Joint Liability
Candlefocus EditorJoint liability is typically established through a contract, creating a general partnership, or when applying jointly for credit. Joint liability can also exist when two or more people take out a loan together, acting as co-signers. Each of the parties in a joint liability agreement is jointly and severally liable. This means they are both and individually responsible for the full amount of the loan or obligation, regardless of their individual financial contribution to the total amount owed.
If a creditor is not satisfied with the repayment of the joint liability, they may choose to pursue any of the responsible parties through legal proceedings. After judgement, all of the responsible parties are obligated to repay their shared portion of the debt. In most cases, creditors will typically pursue the most financially solvent of the parties responsible for repayment of the debt. There is a risk that if the most financially responsible party fails to pay, the other parties may be held responsible for full repayment.
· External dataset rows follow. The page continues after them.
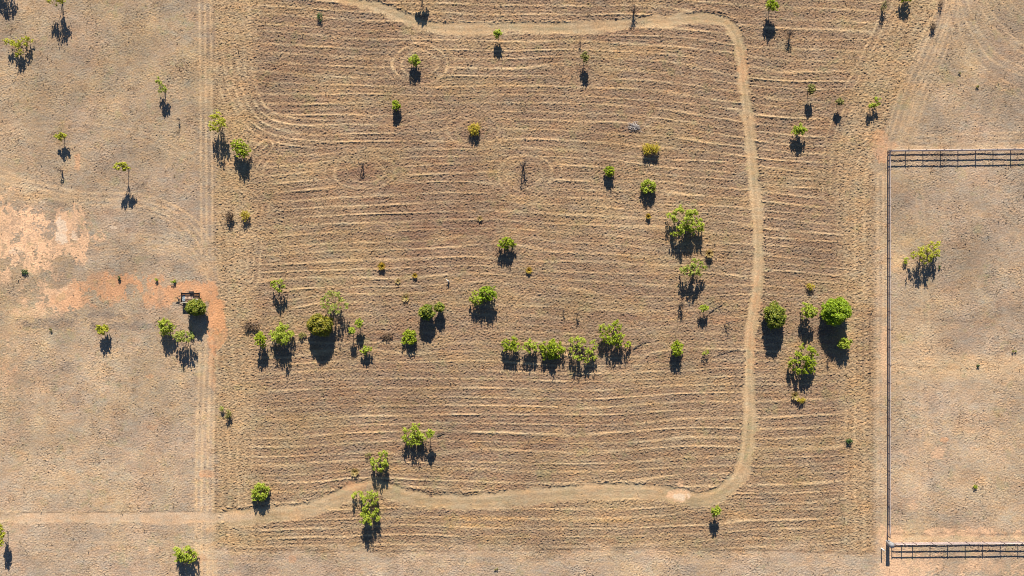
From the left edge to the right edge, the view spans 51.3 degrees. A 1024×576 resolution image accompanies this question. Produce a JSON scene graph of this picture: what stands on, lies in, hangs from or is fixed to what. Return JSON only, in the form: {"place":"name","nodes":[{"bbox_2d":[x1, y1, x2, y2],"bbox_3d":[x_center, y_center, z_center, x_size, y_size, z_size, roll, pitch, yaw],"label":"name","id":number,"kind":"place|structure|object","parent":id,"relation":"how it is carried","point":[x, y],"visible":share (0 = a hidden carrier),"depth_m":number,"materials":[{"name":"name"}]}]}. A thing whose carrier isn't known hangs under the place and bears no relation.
{"place":"outdoors","nodes":[
{"label":"outdoors","id":0,"kind":"place"},
{"bbox_2d":[0,0,765,526],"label":"dirt track","id":1,"kind":"structure","parent":0,"point":[510,498],"depth_m":146.03,"materials":[{"name":"soil"}]},
{"bbox_2d":[0,0,1023,575],"bbox_3d":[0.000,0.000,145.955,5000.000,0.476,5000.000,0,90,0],"label":"ground","id":2,"kind":"structure","parent":0,"point":[170,42],"depth_m":145.99,"materials":[{"name":"soil"}]},
{"bbox_2d":[0,523,7,545],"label":"sparse tree","id":3,"kind":"object","parent":2,"relation":"on","point":[2,534],"visible":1,"depth_m":143.79,"materials":[{"name":"green plant"}]},
{"bbox_2d":[2,36,33,57],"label":"sparse tree","id":4,"kind":"object","parent":2,"relation":"on","point":[13,43],"visible":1,"depth_m":144.73,"materials":[{"name":"green plant"}]},
{"bbox_2d":[45,0,65,5],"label":"sparse tree","id":5,"kind":"object","parent":2,"relation":"on","point":[59,1],"visible":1,"depth_m":143.65,"materials":[{"name":"green plant"}]},
{"bbox_2d":[53,132,66,141],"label":"sparse tree","id":6,"kind":"object","parent":2,"relation":"on","point":[59,136],"visible":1,"depth_m":144.51,"materials":[{"name":"green plant"}]},
{"bbox_2d":[95,324,108,334],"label":"leafy tree","id":7,"kind":"object","parent":2,"relation":"on","point":[98,328],"visible":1,"depth_m":144.46,"materials":[{"name":"green plant"}]},
{"bbox_2d":[113,162,130,171],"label":"sparse tree","id":8,"kind":"object","parent":2,"relation":"on","point":[124,165],"visible":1,"depth_m":143.09,"materials":[{"name":"green plant"}]},
{"bbox_2d":[155,76,167,92],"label":"sparse tree","id":9,"kind":"object","parent":2,"relation":"on","point":[163,88],"visible":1,"depth_m":144.20,"materials":[{"name":"green plant"}]},
{"bbox_2d":[156,317,176,336],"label":"leafy tree","id":10,"kind":"object","parent":2,"relation":"on","point":[163,326],"visible":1,"depth_m":144.39,"materials":[{"name":"green plant"}]},
{"bbox_2d":[171,330,194,342],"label":"sparse tree","id":11,"kind":"object","parent":2,"relation":"on","point":[179,334],"visible":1,"depth_m":144.00,"materials":[{"name":"green plant"}]},
{"bbox_2d":[173,545,198,563],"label":"leafy tree","id":12,"kind":"object","parent":2,"relation":"on","point":[182,556],"visible":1,"depth_m":144.53,"materials":[{"name":"green plant"}]},
{"bbox_2d":[177,291,199,302],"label":"box trailer","id":13,"kind":"object","parent":2,"relation":"on","point":[191,294],"visible":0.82,"depth_m":145.49,"materials":[{"name":"paint"}]},
{"bbox_2d":[184,299,206,315],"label":"bushy tree","id":14,"kind":"object","parent":2,"relation":"on","point":[196,307],"visible":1,"depth_m":144.10,"materials":[{"name":"green plant"}]},
{"bbox_2d":[208,110,227,131],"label":"leafy tree","id":15,"kind":"object","parent":2,"relation":"on","point":[221,120],"visible":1,"depth_m":143.81,"materials":[{"name":"green plant"}]},
{"bbox_2d":[224,409,231,418],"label":"bush","id":16,"kind":"object","parent":2,"relation":"on","point":[228,414],"visible":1,"depth_m":145.28,"materials":[{"name":"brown plant"}]},
{"bbox_2d":[225,210,235,220],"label":"twiggy shrub","id":17,"kind":"object","parent":2,"relation":"on","point":[228,216],"visible":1,"depth_m":145.28,"materials":[{"name":"brown plant"}]},
{"bbox_2d":[230,139,251,157],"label":"leafy tree","id":18,"kind":"object","parent":2,"relation":"on","point":[240,150],"visible":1,"depth_m":144.36,"materials":[{"name":"green plant"}]},
{"bbox_2d":[239,210,249,221],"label":"bush","id":19,"kind":"object","parent":2,"relation":"on","point":[247,215],"visible":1,"depth_m":145.22,"materials":[{"name":"yellow plant"}]},
{"bbox_2d":[242,321,258,330],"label":"bramble patch","id":20,"kind":"object","parent":2,"relation":"on","point":[251,325],"visible":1,"depth_m":145.47,"materials":[{"name":"brown plant"}]},
{"bbox_2d":[250,482,269,501],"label":"leafy tree","id":21,"kind":"object","parent":2,"relation":"on","point":[262,495],"visible":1,"depth_m":144.88,"materials":[{"name":"green plant"}]},
{"bbox_2d":[253,331,266,348],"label":"leafy tree","id":22,"kind":"object","parent":2,"relation":"on","point":[260,336],"visible":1,"depth_m":144.05,"materials":[{"name":"green plant"}]},
{"bbox_2d":[270,279,285,292],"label":"leafy tree","id":23,"kind":"object","parent":2,"relation":"on","point":[277,289],"visible":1,"depth_m":144.24,"materials":[{"name":"green plant"}]},
{"bbox_2d":[268,321,294,345],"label":"leafy tree","id":24,"kind":"object","parent":2,"relation":"on","point":[279,334],"visible":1,"depth_m":144.30,"materials":[{"name":"green plant"}]},
{"bbox_2d":[298,331,306,339],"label":"bramble patch","id":25,"kind":"object","parent":2,"relation":"on","point":[300,335],"visible":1,"depth_m":145.58,"materials":[{"name":"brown plant"}]},
{"bbox_2d":[306,313,333,337],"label":"bushy tree","id":26,"kind":"object","parent":2,"relation":"on","point":[319,324],"visible":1,"depth_m":143.68,"materials":[{"name":"green plant"}]},
{"bbox_2d":[320,290,348,313],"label":"sparse tree","id":27,"kind":"object","parent":2,"relation":"on","point":[329,293],"visible":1,"depth_m":143.84,"materials":[{"name":"green plant"}]},
{"bbox_2d":[348,327,355,333],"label":"sparse tree","id":28,"kind":"object","parent":2,"relation":"on","point":[351,330],"visible":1,"depth_m":144.00,"materials":[{"name":"green plant"}]},
{"bbox_2d":[351,468,358,476],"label":"grass tussock","id":29,"kind":"object","parent":2,"relation":"on","point":[353,470],"depth_m":145.68,"materials":[{"name":"plant"}]},
{"bbox_2d":[354,317,363,327],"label":"sparse tree","id":30,"kind":"object","parent":2,"relation":"on","point":[359,322],"visible":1,"depth_m":144.37,"materials":[{"name":"green plant"}]},
{"bbox_2d":[359,345,371,354],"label":"sparse tree","id":31,"kind":"object","parent":2,"relation":"on","point":[364,350],"visible":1,"depth_m":144.92,"materials":[{"name":"green plant"}]},
{"bbox_2d":[351,490,380,525],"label":"leafy tree","id":32,"kind":"object","parent":2,"relation":"on","point":[366,517],"visible":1,"depth_m":144.32,"materials":[{"name":"green plant"}]},
{"bbox_2d":[370,450,388,472],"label":"leafy tree","id":33,"kind":"object","parent":2,"relation":"on","point":[384,463],"visible":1,"depth_m":144.49,"materials":[{"name":"green plant"}]},
{"bbox_2d":[378,263,385,269],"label":"grass tussock","id":34,"kind":"object","parent":2,"relation":"on","point":[380,265],"depth_m":145.61,"materials":[{"name":"plant"}]},
{"bbox_2d":[378,332,392,339],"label":"bramble patch","id":35,"kind":"object","parent":2,"relation":"on","point":[388,336],"visible":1,"depth_m":145.59,"materials":[{"name":"brown plant"}]},
{"bbox_2d":[392,100,400,110],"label":"leafy tree","id":36,"kind":"object","parent":2,"relation":"on","point":[395,104],"visible":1,"depth_m":144.74,"materials":[{"name":"green plant"}]},
{"bbox_2d":[401,293,408,301],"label":"grass tussock","id":37,"kind":"object","parent":2,"relation":"on","point":[406,295],"depth_m":145.81,"materials":[{"name":"plant"}]},
{"bbox_2d":[400,329,416,344],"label":"leafy tree","id":38,"kind":"object","parent":2,"relation":"on","point":[412,340],"visible":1,"depth_m":145.16,"materials":[{"name":"green plant"}]},
{"bbox_2d":[401,423,426,446],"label":"leafy tree","id":39,"kind":"object","parent":2,"relation":"on","point":[414,428],"visible":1,"depth_m":144.58,"materials":[{"name":"green plant"}]},
{"bbox_2d":[408,54,420,66],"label":"leafy tree","id":40,"kind":"object","parent":2,"relation":"on","point":[414,59],"visible":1,"depth_m":144.70,"materials":[{"name":"green plant"}]},
{"bbox_2d":[418,304,435,320],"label":"bushy tree","id":41,"kind":"object","parent":2,"relation":"on","point":[425,312],"visible":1,"depth_m":143.95,"materials":[{"name":"green plant"}]},
{"bbox_2d":[426,428,434,437],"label":"sparse tree","id":42,"kind":"object","parent":2,"relation":"on","point":[429,433],"visible":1,"depth_m":143.63,"materials":[{"name":"green plant"}]},
{"bbox_2d":[434,302,444,312],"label":"bushy tree","id":43,"kind":"object","parent":2,"relation":"on","point":[439,306],"visible":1,"depth_m":144.39,"materials":[{"name":"green plant"}]},
{"bbox_2d":[468,122,480,135],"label":"bush","id":44,"kind":"object","parent":2,"relation":"on","point":[475,127],"visible":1,"depth_m":145.12,"materials":[{"name":"yellow plant"}]},
{"bbox_2d":[469,290,484,305],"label":"sparse tree","id":45,"kind":"object","parent":2,"relation":"on","point":[475,299],"visible":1,"depth_m":144.70,"materials":[{"name":"green plant"}]},
{"bbox_2d":[478,285,496,301],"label":"leafy tree","id":46,"kind":"object","parent":2,"relation":"on","point":[486,290],"visible":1,"depth_m":144.27,"materials":[{"name":"green plant"}]},
{"bbox_2d":[493,29,502,38],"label":"leafy tree","id":47,"kind":"object","parent":2,"relation":"on","point":[496,33],"visible":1,"depth_m":144.39,"materials":[{"name":"green plant"}]},
{"bbox_2d":[497,236,516,249],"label":"leafy tree","id":48,"kind":"object","parent":2,"relation":"on","point":[509,241],"visible":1,"depth_m":144.53,"materials":[{"name":"green plant"}]},
{"bbox_2d":[501,335,520,351],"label":"leafy tree","id":49,"kind":"object","parent":2,"relation":"on","point":[512,346],"visible":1,"depth_m":144.34,"materials":[{"name":"green plant"}]},
{"bbox_2d":[0,0,1023,575],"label":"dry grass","id":50,"kind":"structure","parent":2,"relation":"on","point":[522,276],"depth_m":145.93,"materials":[{"name":"beige plant"}]},
{"bbox_2d":[526,267,531,273],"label":"grass tussock","id":51,"kind":"object","parent":2,"relation":"on","point":[529,270],"depth_m":145.71,"materials":[{"name":"plant"}]},
{"bbox_2d":[521,337,538,353],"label":"sparse tree","id":52,"kind":"object","parent":2,"relation":"on","point":[530,344],"visible":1,"depth_m":144.45,"materials":[{"name":"green plant"}]},
{"bbox_2d":[539,338,565,359],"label":"leafy tree","id":53,"kind":"object","parent":2,"relation":"on","point":[552,345],"visible":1,"depth_m":144.84,"materials":[{"name":"green plant"}]},
{"bbox_2d":[568,335,598,362],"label":"leafy tree","id":54,"kind":"object","parent":2,"relation":"on","point":[587,351],"visible":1,"depth_m":144.60,"materials":[{"name":"green plant"}]},
{"bbox_2d":[580,51,589,62],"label":"sparse tree","id":55,"kind":"object","parent":2,"relation":"on","point":[585,56],"visible":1,"depth_m":144.29,"materials":[{"name":"green plant"}]},
{"bbox_2d":[603,166,614,176],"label":"leafy tree","id":56,"kind":"object","parent":2,"relation":"on","point":[610,171],"visible":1,"depth_m":144.94,"materials":[{"name":"green plant"}]},
{"bbox_2d":[598,319,630,347],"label":"leafy tree","id":57,"kind":"object","parent":2,"relation":"on","point":[615,340],"visible":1,"depth_m":144.45,"materials":[{"name":"green plant"}]},
{"bbox_2d":[629,2,639,13],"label":"bare tree","id":58,"kind":"object","parent":2,"relation":"on","point":[634,11],"visible":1,"depth_m":144.81,"materials":[{"name":"brown plant"}]},
{"bbox_2d":[628,121,641,131],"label":"dead brush heap","id":59,"kind":"object","parent":2,"relation":"on","point":[634,126],"visible":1,"depth_m":145.79,"materials":[{"name":"grey wood"}]},
{"bbox_2d":[640,179,655,193],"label":"leafy tree","id":60,"kind":"object","parent":2,"relation":"on","point":[646,183],"visible":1,"depth_m":144.96,"materials":[{"name":"green plant"}]},
{"bbox_2d":[642,142,660,155],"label":"bush","id":61,"kind":"object","parent":2,"relation":"on","point":[649,147],"visible":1,"depth_m":145.12,"materials":[{"name":"plant"}]},
{"bbox_2d":[670,340,683,356],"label":"leafy tree","id":62,"kind":"object","parent":2,"relation":"on","point":[677,351],"visible":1,"depth_m":144.60,"materials":[{"name":"green plant"}]},
{"bbox_2d":[666,204,704,236],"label":"leafy tree","id":63,"kind":"object","parent":2,"relation":"on","point":[689,213],"visible":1,"depth_m":144.10,"materials":[{"name":"green plant"}]},
{"bbox_2d":[679,258,707,276],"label":"leafy tree","id":64,"kind":"object","parent":2,"relation":"on","point":[693,267],"visible":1,"depth_m":144.02,"materials":[{"name":"green plant"}]},
{"bbox_2d":[698,304,708,311],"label":"sparse tree","id":65,"kind":"object","parent":2,"relation":"on","point":[703,308],"visible":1,"depth_m":144.61,"materials":[{"name":"green plant"}]},
{"bbox_2d":[705,248,713,257],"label":"grass tussock","id":66,"kind":"object","parent":2,"relation":"on","point":[709,253],"depth_m":145.45,"materials":[{"name":"plant"}]},
{"bbox_2d":[711,506,721,517],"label":"leafy tree","id":67,"kind":"object","parent":2,"relation":"on","point":[715,511],"visible":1,"depth_m":144.15,"materials":[{"name":"green plant"}]},
{"bbox_2d":[765,0,779,10],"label":"leafy tree","id":68,"kind":"object","parent":2,"relation":"on","point":[773,4],"visible":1,"depth_m":143.85,"materials":[{"name":"green plant"}]},
{"bbox_2d":[763,300,786,330],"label":"bushy tree","id":69,"kind":"object","parent":2,"relation":"on","point":[775,316],"visible":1,"depth_m":143.42,"materials":[{"name":"green plant"}]},
{"bbox_2d":[786,27,794,37],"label":"bare sapling","id":70,"kind":"object","parent":2,"relation":"on","point":[790,33],"visible":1,"depth_m":144.88,"materials":[{"name":"brown plant"}]},
{"bbox_2d":[791,391,799,399],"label":"grass tussock","id":71,"kind":"object","parent":2,"relation":"on","point":[796,396],"depth_m":145.65,"materials":[{"name":"plant"}]},
{"bbox_2d":[791,122,807,135],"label":"leafy tree","id":72,"kind":"object","parent":2,"relation":"on","point":[799,129],"visible":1,"depth_m":144.54,"materials":[{"name":"green plant"}]},
{"bbox_2d":[787,343,818,374],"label":"leafy tree","id":73,"kind":"object","parent":2,"relation":"on","point":[807,359],"visible":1,"depth_m":144.51,"materials":[{"name":"green plant"}]},
{"bbox_2d":[801,302,817,318],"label":"leafy tree","id":74,"kind":"object","parent":2,"relation":"on","point":[808,310],"visible":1,"depth_m":144.00,"materials":[{"name":"green plant"}]},
{"bbox_2d":[807,84,815,94],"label":"sparse tree","id":75,"kind":"object","parent":2,"relation":"on","point":[811,90],"visible":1,"depth_m":144.14,"materials":[{"name":"green plant"}]},
{"bbox_2d":[819,296,852,326],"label":"bushy tree","id":76,"kind":"object","parent":2,"relation":"on","point":[833,307],"visible":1,"depth_m":143.20,"materials":[{"name":"green plant"}]},
{"bbox_2d":[835,97,844,104],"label":"young sapling","id":77,"kind":"object","parent":2,"relation":"on","point":[839,101],"visible":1,"depth_m":144.51,"materials":[{"name":"plant"}]},
{"bbox_2d":[836,337,852,348],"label":"leafy tree","id":78,"kind":"object","parent":2,"relation":"on","point":[842,344],"visible":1,"depth_m":144.62,"materials":[{"name":"green plant"}]},
{"bbox_2d":[868,96,881,107],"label":"sparse tree","id":79,"kind":"object","parent":2,"relation":"on","point":[874,104],"visible":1,"depth_m":144.91,"materials":[{"name":"green plant"}]},
{"bbox_2d":[881,0,889,8],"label":"bare sapling","id":80,"kind":"object","parent":2,"relation":"on","point":[885,4],"visible":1,"depth_m":144.90,"materials":[{"name":"brown plant"}]},
{"bbox_2d":[887,151,891,537],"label":"rail fence","id":81,"kind":"object","parent":2,"relation":"on","point":[889,329],"visible":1,"depth_m":145.18,"materials":[{"name":"wood"}]},
{"bbox_2d":[886,540,893,547],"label":"gate pillar","id":82,"kind":"structure","parent":2,"relation":"on","point":[889,543],"depth_m":144.61,"materials":[{"name":"grey concrete"}]},
{"bbox_2d":[910,241,940,263],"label":"leafy tree","id":83,"kind":"object","parent":2,"relation":"on","point":[930,251],"visible":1,"depth_m":144.23,"materials":[{"name":"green plant"}]},
{"bbox_2d":[888,148,1023,151],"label":"rail fence","id":84,"kind":"object","parent":2,"relation":"on","point":[997,149],"visible":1,"depth_m":144.75,"materials":[{"name":"metal"}]},
{"bbox_2d":[894,541,1023,544],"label":"rail fence","id":85,"kind":"object","parent":2,"relation":"on","point":[947,543],"visible":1,"depth_m":145.17,"materials":[{"name":"wood"}]}
]}

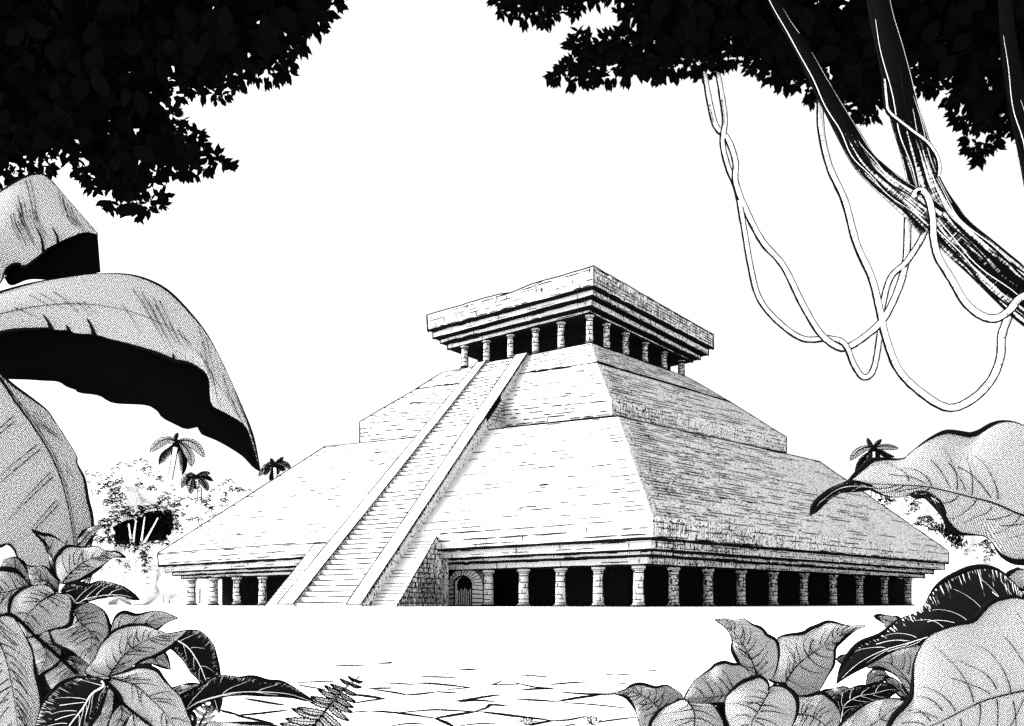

Joint liability can be beneficial when individuals are attempting to qualify for a loan or gain better access to credit and finance. However, joint liability also imposes a high risk to the parties involved. If the debt is not repaid, each of the liable parties will suffer individually. By entering a joint liability agreement, individuals must be aware that their credit and finances are being affected. Therefore, it is important for individuals to carefully consider the risks associated with joint liability before entering into any agreement.